This is a simple guide that shows you how to access your Jellyfin server using an external VPS with a Tailscale WireGuard tunnel for as little as $10/year.

Advantages

  • No public IP address needed
  • Bypasses CGNAT of your ISP provider
  • encrypted traffic (IPS can’t collect data and is less likely to throttle you)
  • total anonymity (with use of Duck DNS)

This guide was tested using jellyfin running on the truenas, but the principle can be applied on any platform.

Quick FAQ

Why not just port-forward to proxy?

  • The port-forward may not be possible if you don’t have public IP address or your IPS is using CGNAT.
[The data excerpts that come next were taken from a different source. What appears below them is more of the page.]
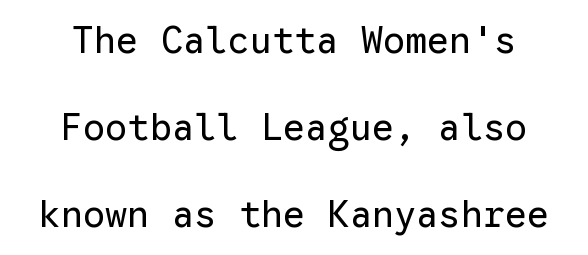
Q: Is the text bold? A: No.
Q: Is the text italic (slanted)? A: No, it is upright.
Q: Is the typeface a serif or a sans-serif typeface? A: Sans-serif.
Q: Is the text underlined? A: No.
Q: How is the paragraph aligned? A: Centered.
Q: Is the spacing between letters normal or unusually wide? A: Normal.
Q: Is the spacing between lines tight, normal or loose? A: Loose.
Q: Width (condensed, normal, or wide)? A: Normal.
Q: Stroke contrast? A: Low.
Q: x-height? A: Medium.
Q: Monospaced? A: Yes.
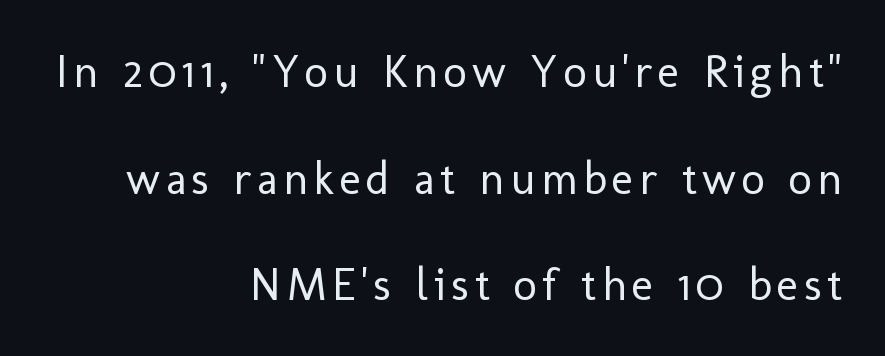
Q: Is the text bold? A: No.
Q: Is the text italic (slanted)? A: No, it is upright.
Q: Is the typeface a serif or a sans-serif typeface? A: Sans-serif.
Q: Is the text underlined? A: No.
Q: How is the paragraph aligned? A: Right-aligned.
Q: Is the spacing between lines tight, normal or loose? A: Loose.
Q: Width (condensed, normal, or wide)? A: Normal.
Q: Stroke contrast? A: Low.
Q: x-height? A: Medium.
Q: Monospaced? A: No.

Why not cloudflare tunnel?

  • Streaming data from plex/jellyfin violated Cloudflare’s terms of service.
  • Cloudflare also inspects your traffic, which may not really be a good combination with you streaming “all your bought movies”
  • By default the bandwidth is too small for movie streaming **

** this can be overcome with some tinkering [A] (https://www.cloudflare.com/learning/cdn/what-is-a-cdn/) [B] (https://selfhosters.net/docker/plex/cloudflare/)

Why not just Wireguard, netbird, twingate?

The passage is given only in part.